Zunächst testete man ihren Bruder, der letztlich nicht als Spender infrage kam, wie sie im Gespräch mit inFranken.de am 24. April 2026 berichtet. Nach dem Test von Geschwistern sei dann die Suche nach einem Fremdspender an der Reihe, wie sie erklärt. In Franken fanden daraufhin zahlreiche Registrierungsaktionen statt. Doch Julia hatte großen Therapiedruck und Ärzte sagten ihr, dass die Auswertungen wohl zu lange dauern würden.
Nach Stammzelltransplantation: Julia aus Zapfendorf übersteht weitere "Negativspirale"
Da in den Datenbanken kein Spender zu finden war, "haben sie meine Eltern getestet", erinnert sich Julia. Beide passten zur Hälfte mit den Merkmalen ihrer Tochter überein. Die Wahl fiel schließlich auf ihre Mutter. Auf ihrem Instagram-Account postete Julia am 28. Mai 2025 dann ein bewegendes Video aus einem Rückblick auf ihre Kindheit bis zum Ultraschallbild. Darüber steht: "Deine Mutter schenkt dir zum zweiten Mal das Leben."
In einem Text schrieb sie: "Heute ist es endlich so weit, ich bekomme die Stammzellen von meiner Mama. Ich kann's einfach nicht glauben und hoffe, damit kann die Leukämie endlich langfristig behandelt werden." Sie sei ihr "für alles, was sie tut, so unglaublich dankbar" und sehe den 28. Mai als ihren zweiten Geburtstag an. Die Transplantation verlief im Großen und Ganzen gut, doch es sollten weitere sieben kräftezehrende Monate im Krankenhaus folgen. Julia fing sich im August wohl über das Essen einen Ehec-Virus ein, der sie in eine "Negativspirale" brachte.

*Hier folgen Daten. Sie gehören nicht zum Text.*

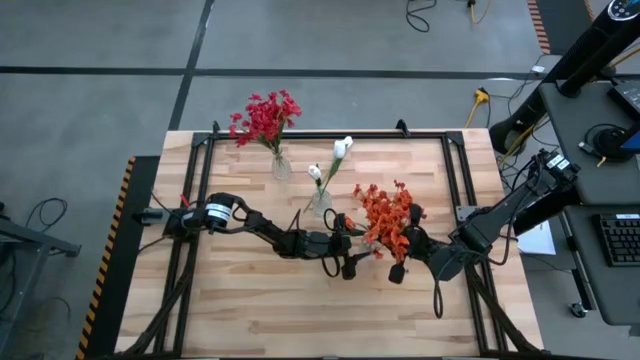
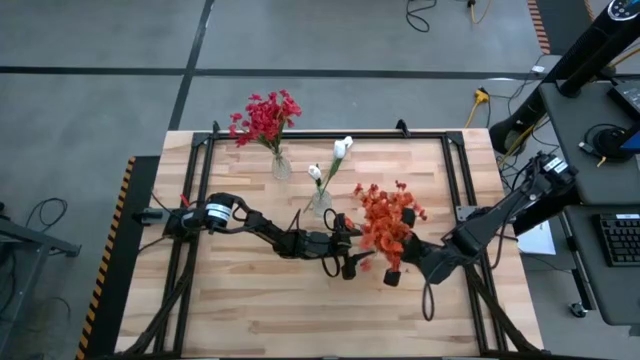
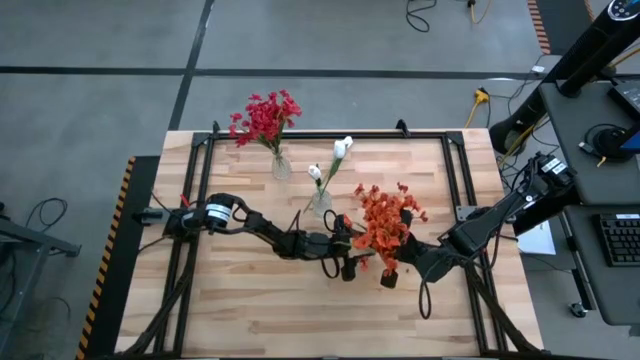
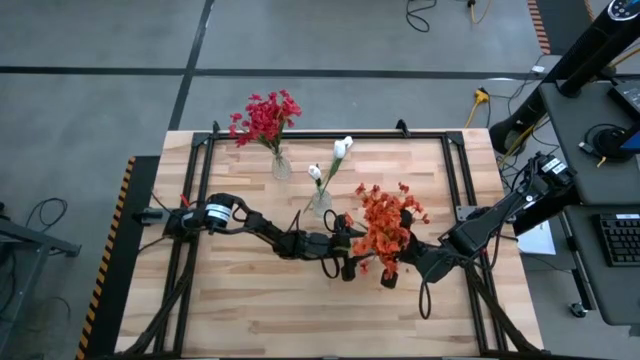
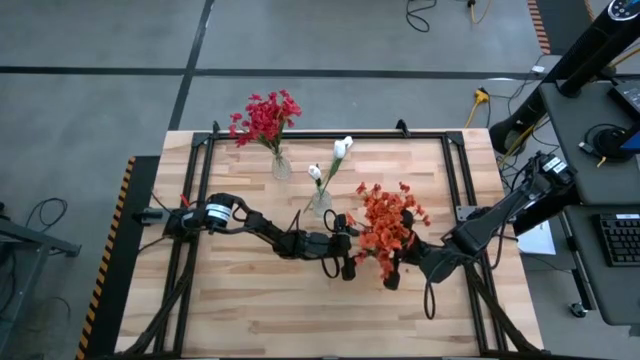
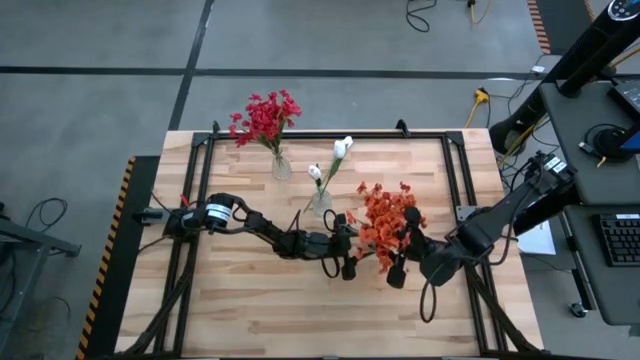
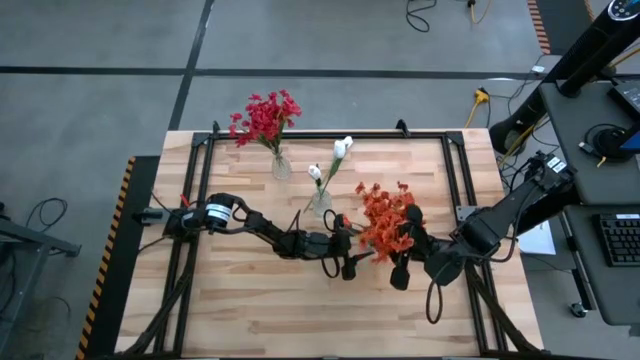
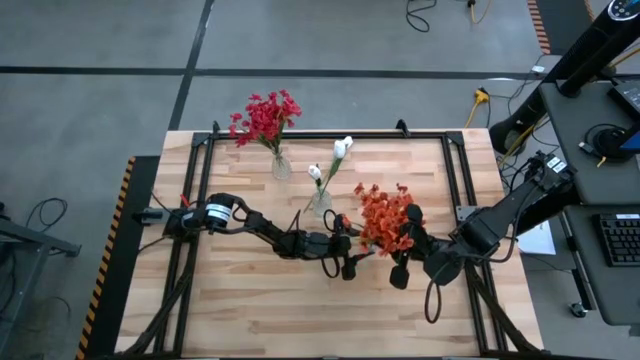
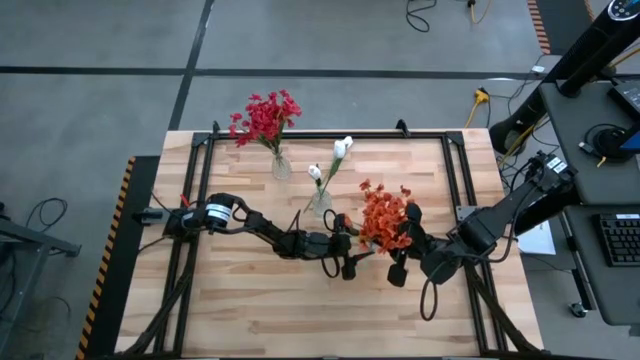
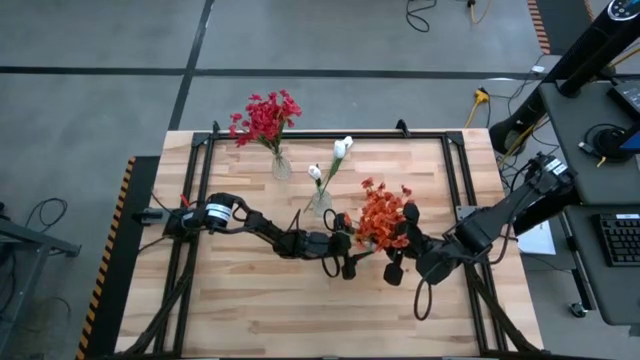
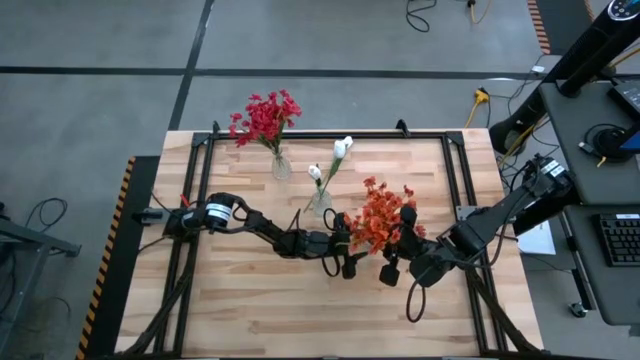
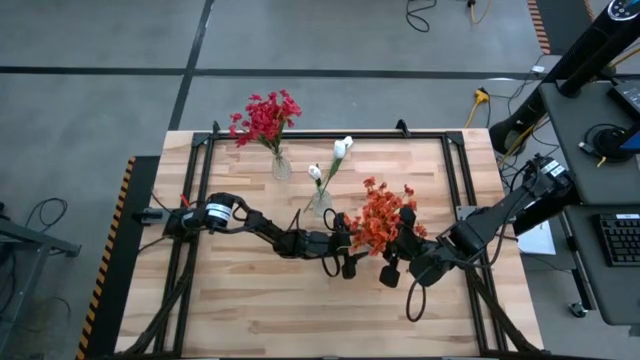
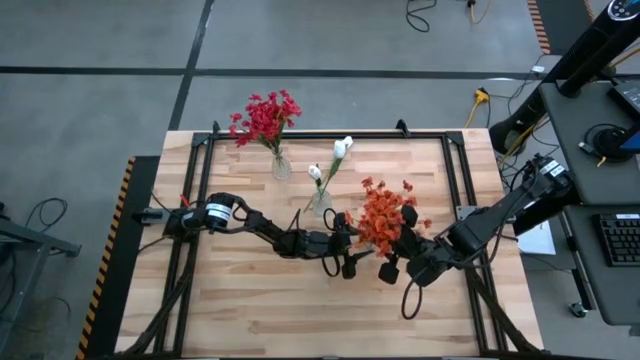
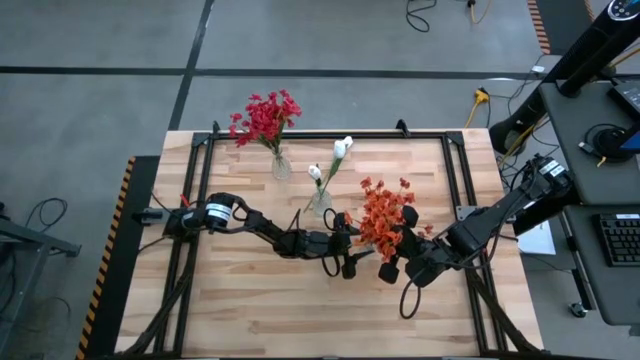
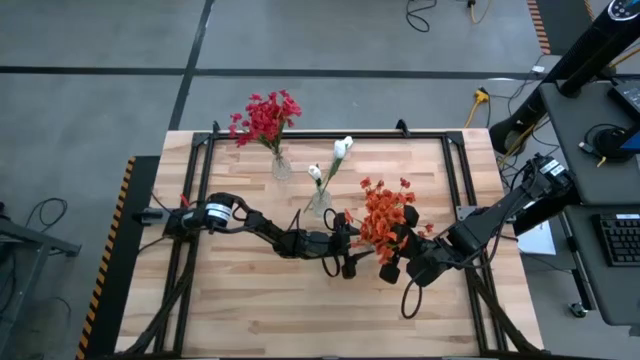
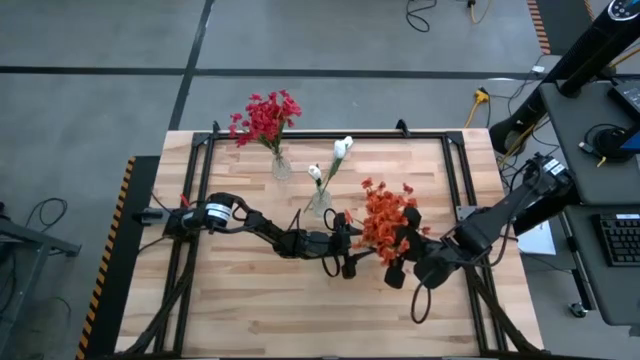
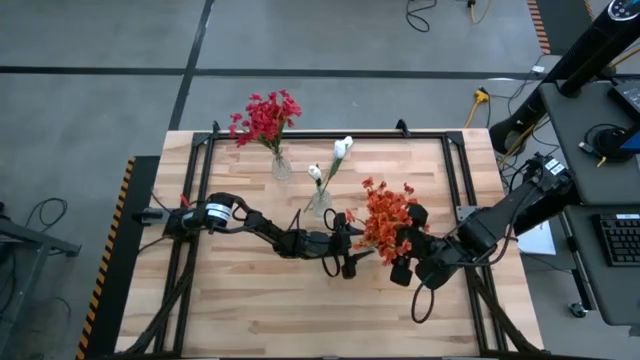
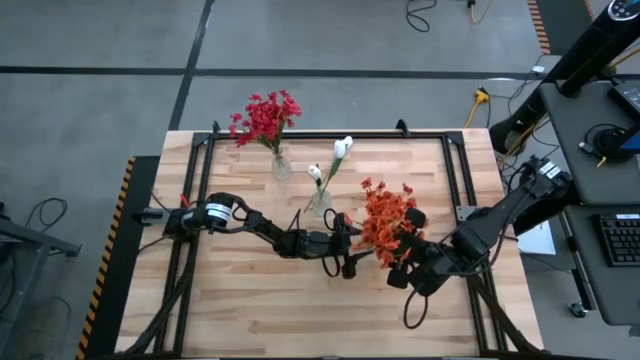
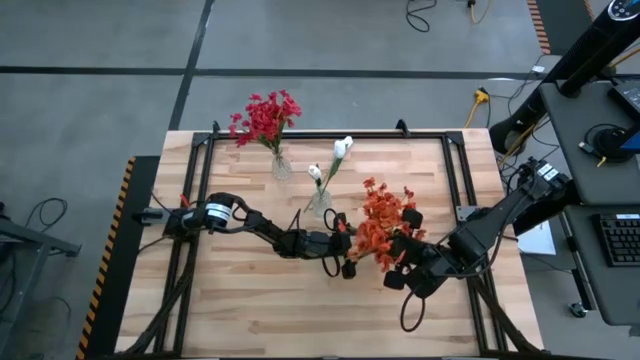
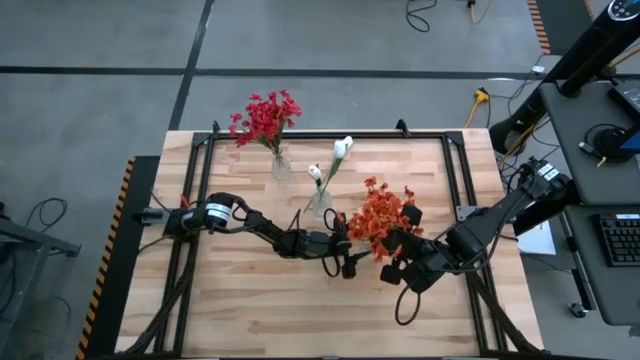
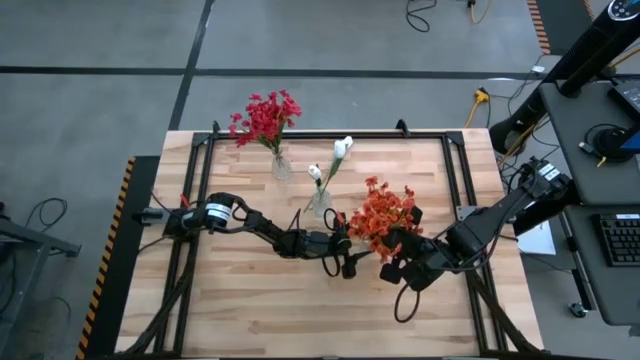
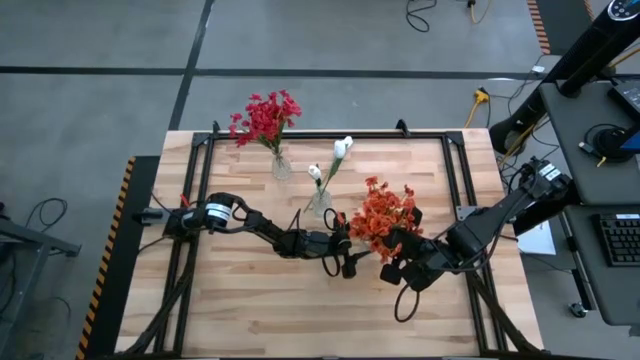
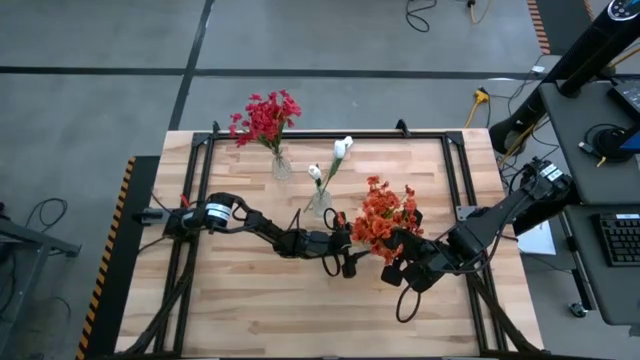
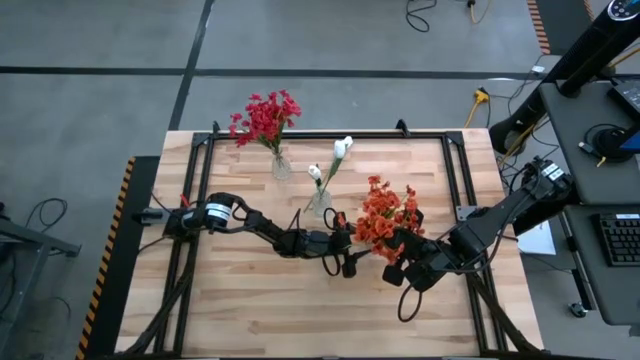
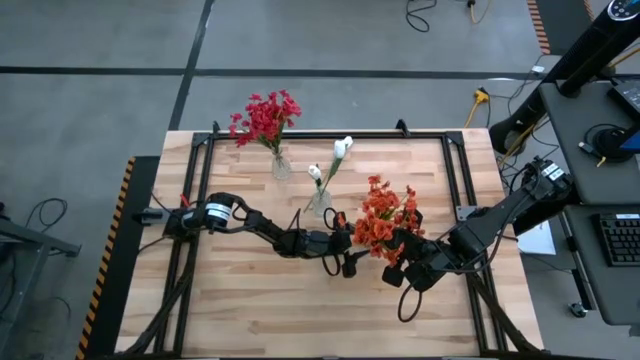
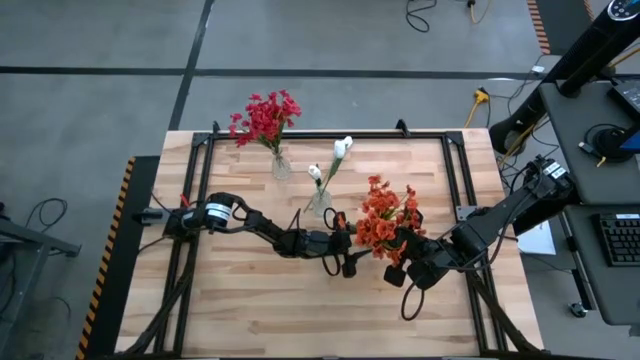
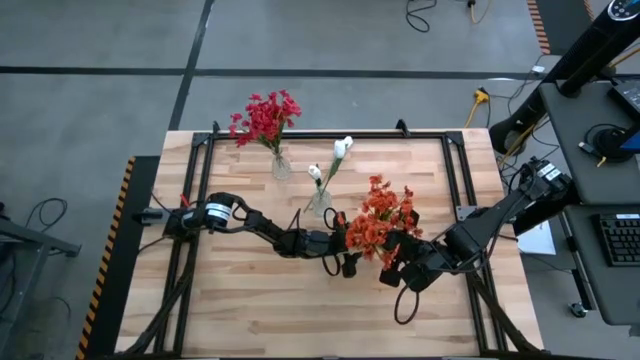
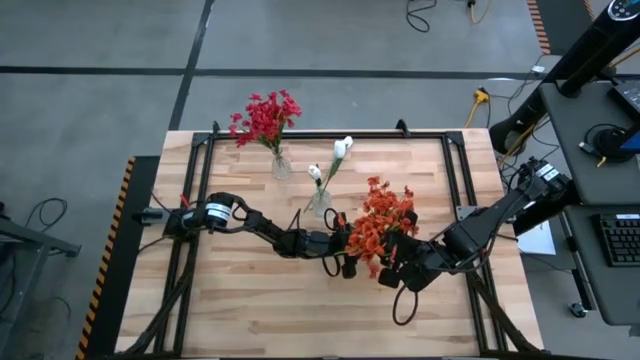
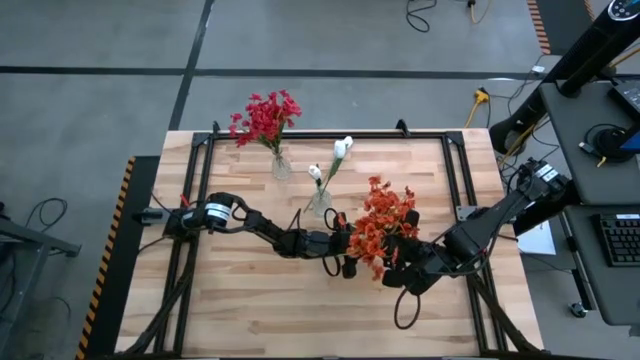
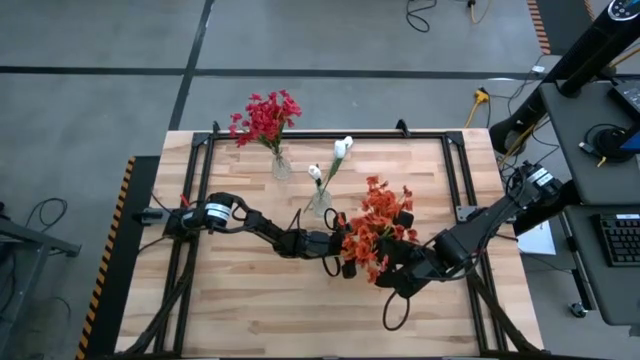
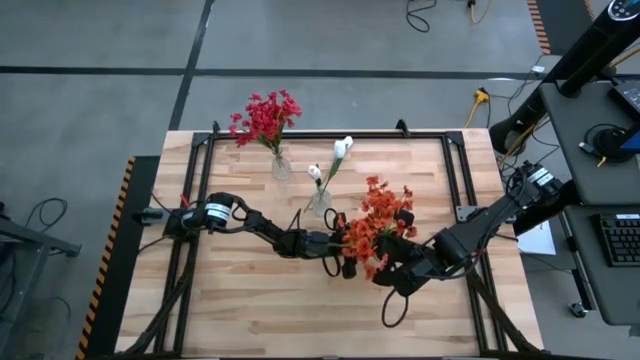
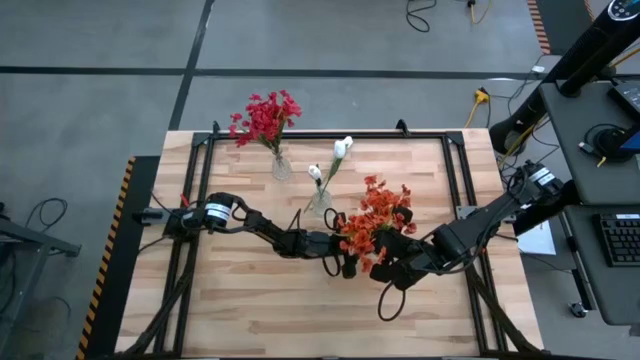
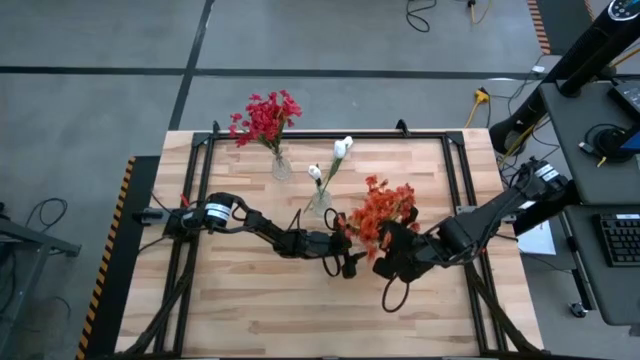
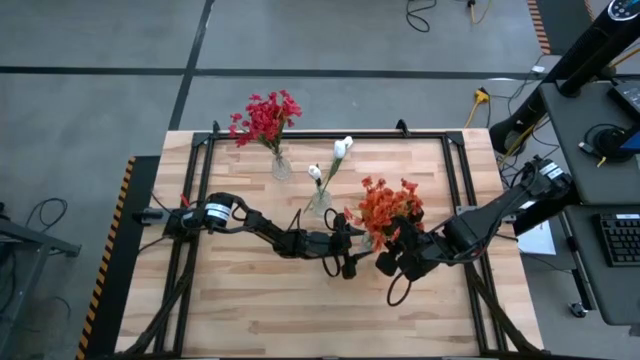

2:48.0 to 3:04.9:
Task: Sort flowers into vase by color
Put the orange sprig flower into the bottom right transparent glass vase

Julia musste unter anderem eine Darmentzündung und ein Nierenversagen durchleben und benötigte viele Blutspenden. "Wenn ich sie nicht bekommen hätte, wäre ich heute nicht mehr da", sagt sie und macht auf die große Bedeutung von Blutspenden aufmerksam. Antikörper ließen Julia allmählich genesen und seit etwa einem Jahr ist sie krebsfrei. Die 24-Jährige kann ihrem Biochemiestudium wieder nachgehen und sich endlich wieder auf einen gemeinsamen Urlaub mit ihrem Freund freuen. Am 8. März schrieb sie auf Instagram: "Es sind immer noch viele Höhen und Tiefen, aber ich bin total stolz auf meinen Körper." Weitere Nachrichten aus Bamberg und Umgebung findest du in unserem Lokalressort.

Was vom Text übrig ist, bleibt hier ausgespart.